Start of Exercise data

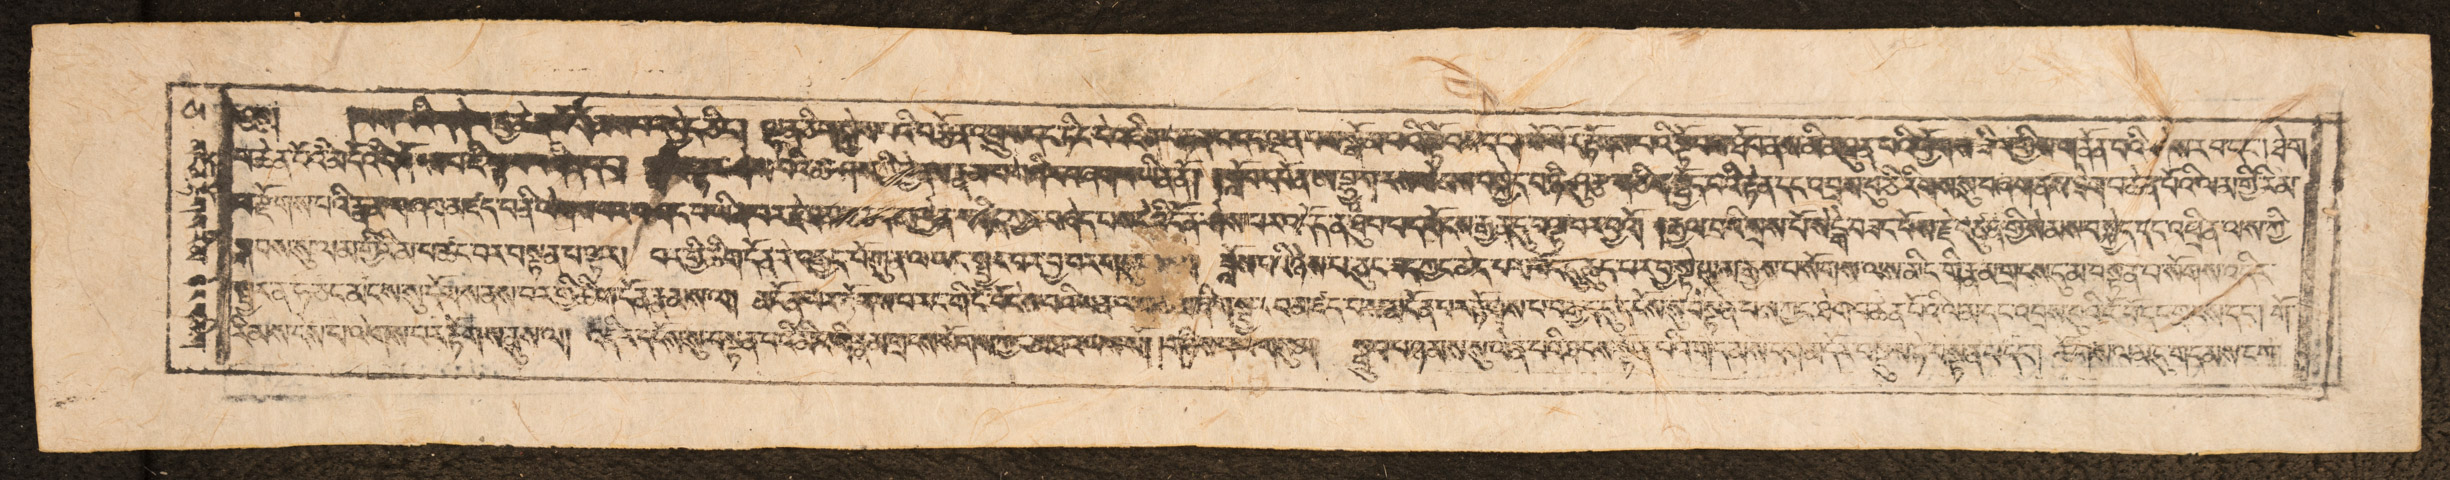༄༅། །ལས་པའི་དགེ་བ་རྒྱ་ཆེན་པོ་གོམས་པར་བྱེད་ཅིང་། ལྷན་ཅིག་སྐྱེས་པའི་བརྩོན་འགྲུས་དང་ཏིང་ངེ་འཛིན་བརྟན་པ་དང་ལྡན་པས་སྒོམ་པའི་སྟོབས་དང་། སོ་སོར་རྟོགས་པའི་སྟོབས་ཐོབ་ནས་མི་མཐུན་པའི་ཕྱོགས་ཟིལ་གྱིས་གནོན་པའི་ཤེས་རབ་དང་། ཐེག་
པ་ཆེན་པོའི་མདོའི་དགོངས་པ་ཇི་ལྟ་བ་བཞིན་དང་། སྒྲ་ཇི་ལྟར་ཤེས་པའི་ཆ་ཤས་ཀྱི་ཕྱེ་ནས་རྣམ་པ་བཞིར་བཞག་པ་ཡིན་ནོ། །སློབ་དཔོན་ཨ་བྷྱཱ་ཀ་རས་སེམས་བསྐྱེད་པ་ཉི་ཤུ་རྩ་གཅིག་སྤྱོད་པའི་རྟེན་དང་འབྲས་བུ་ཅི་རིགས་སུ་བཞག་ནས་ཐེག་པ་ཆེན་པོའི་ལམ་གྱི་རིམ་
པ་རྫོགས་པའི་རྣམ་གཞག་མཛད་པ་ནི་ལེགས་པར་བཤད་པ་ཡིན་པར་རྗེ་ཐམས་ཅད་མཁྱེན་པ་ཉིད་ཀྱང་བཞེད་པས་དེའི་དོན་ཤེས་པར་འདོད་ན་ཐུབ་པ་དགོངས་རྒྱན་དུ་བལྟ་བར་བྱའོ། །རྒྱལ་བའི་སྲས་པོ་སེངྒེ་བཟང་པོས་རྗེ་བཙུན་གྱི་སེམས་བསྐྱེད་དང་འཕྲིན་ལས་ཀྱི་
སྐབས་སུ་ལམ་གྱི་རིམ་པ་ཚང་བར་བསྟན་པ་ལྟར། བར་གྱི་ཚིག་དོན་རེ་བརྒྱད་པོ་ཀུན་ལ་ཡང་སྦྱར་བར་བྱ་བར་གསུངས་ལ། ཟློས་པའི་ཉེས་པ་ཅུང་ཟད་ཀྱང་མེད་པར་ཁོང་དུ་ཆུད་པར་བྱ་སྟེ་ཡུམ་རྒྱས་པ་སོགས་ལས་མིང་གི་རྣམ་གྲངས་དུ་མ་བསྟན་པ་སོགས་འདིར་
སྦྱར་ན་ཧ་ཅང་མངས་སུ་དོགས་ནས་བར་གྱི་ཚིག་དོན་རྣམས་ལ། མངོན་པར་རྟོགས་པ་རང་གི་ངོ་བོ་ངེས་པའི་ཡན་ལག་ཙམ་ཞིག་སྦྱར་བ་མཛད་པས་མངོན་པར་རྟོགས་པ་བརྒྱད་དུ་དངོས་སུ་བསྟན་པས་ཀྱང་ཐེག་པ་ཆེན་པོའི་ལམ་དང་འབྲས་བུའི་ངོ་བོ་དང་གྲངས་དང་། གོ་
རིམས་ངེས་པ་ལེགས་པར་རྟོགས་ནུས་ལ། འདིར་དངོས་སུ་བསྟན་པའི་མིང་གི་རྣམ་གྲངས་སོགས་ཀྱང་མཐའ་ཡས་སོ། །གཉིས་པ་ལ་གསུམ། སྒྲུབ་པ་ཉམས་སུ་ལེན་པའི་ཐབས་སྟོན་པའི་གདམས་ངག་མདོར་བསྡུས་ཏེ་བསྟན་པ་དང་། ཚོགས་ལམ་དུ་གདམས་ངག་

End of Exercise data

Repeat every entry above exactly as written and omit any pictures it holds.

༄༅། །ལས་པའི་དགེ་བ་རྒྱ་ཆེན་པོ་གོམས་པར་བྱེད་ཅིང་། ལྷན་ཅིག་སྐྱེས་པའི་བརྩོན་འགྲུས་དང་ཏིང་ངེ་འཛིན་བརྟན་པ་དང་ལྡན་པས་སྒོམ་པའི་སྟོབས་དང་། སོ་སོར་རྟོགས་པའི་སྟོབས་ཐོབ་ནས་མི་མཐུན་པའི་ཕྱོགས་ཟིལ་གྱིས་གནོན་པའི་ཤེས་རབ་དང་། ཐེག་
པ་ཆེན་པོའི་མདོའི་དགོངས་པ་ཇི་ལྟ་བ་བཞིན་དང་། སྒྲ་ཇི་ལྟར་ཤེས་པའི་ཆ་ཤས་ཀྱི་ཕྱེ་ནས་རྣམ་པ་བཞིར་བཞག་པ་ཡིན་ནོ། །སློབ་དཔོན་ཨ་བྷྱཱ་ཀ་རས་སེམས་བསྐྱེད་པ་ཉི་ཤུ་རྩ་གཅིག་སྤྱོད་པའི་རྟེན་དང་འབྲས་བུ་ཅི་རིགས་སུ་བཞག་ནས་ཐེག་པ་ཆེན་པོའི་ལམ་གྱི་རིམ་
པ་རྫོགས་པའི་རྣམ་གཞག་མཛད་པ་ནི་ལེགས་པར་བཤད་པ་ཡིན་པར་རྗེ་ཐམས་ཅད་མཁྱེན་པ་ཉིད་ཀྱང་བཞེད་པས་དེའི་དོན་ཤེས་པར་འདོད་ན་ཐུབ་པ་དགོངས་རྒྱན་དུ་བལྟ་བར་བྱའོ། །རྒྱལ་བའི་སྲས་པོ་སེངྒེ་བཟང་པོས་རྗེ་བཙུན་གྱི་སེམས་བསྐྱེད་དང་འཕྲིན་ལས་ཀྱི་
སྐབས་སུ་ལམ་གྱི་རིམ་པ་ཚང་བར་བསྟན་པ་ལྟར། བར་གྱི་ཚིག་དོན་རེ་བརྒྱད་པོ་ཀུན་ལ་ཡང་སྦྱར་བར་བྱ་བར་གསུངས་ལ། ཟློས་པའི་ཉེས་པ་ཅུང་ཟད་ཀྱང་མེད་པར་ཁོང་དུ་ཆུད་པར་བྱ་སྟེ་ཡུམ་རྒྱས་པ་སོགས་ལས་མིང་གི་རྣམ་གྲངས་དུ་མ་བསྟན་པ་སོགས་འདིར་
སྦྱར་ན་ཧ་ཅང་མངས་སུ་དོགས་ནས་བར་གྱི་ཚིག་དོན་རྣམས་ལ། མངོན་པར་རྟོགས་པ་རང་གི་ངོ་བོ་ངེས་པའི་ཡན་ལག་ཙམ་ཞིག་སྦྱར་བ་མཛད་པས་མངོན་པར་རྟོགས་པ་བརྒྱད་དུ་དངོས་སུ་བསྟན་པས་ཀྱང་ཐེག་པ་ཆེན་པོའི་ལམ་དང་འབྲས་བུའི་ངོ་བོ་དང་གྲངས་དང་། གོ་
རིམས་ངེས་པ་ལེགས་པར་རྟོགས་ནུས་ལ། འདིར་དངོས་སུ་བསྟན་པའི་མིང་གི་རྣམ་གྲངས་སོགས་ཀྱང་མཐའ་ཡས་སོ། །གཉིས་པ་ལ་གསུམ། སྒྲུབ་པ་ཉམས་སུ་ལེན་པའི་ཐབས་སྟོན་པའི་གདམས་ངག་མདོར་བསྡུས་ཏེ་བསྟན་པ་དང་། ཚོགས་ལམ་དུ་གདམས་ངག་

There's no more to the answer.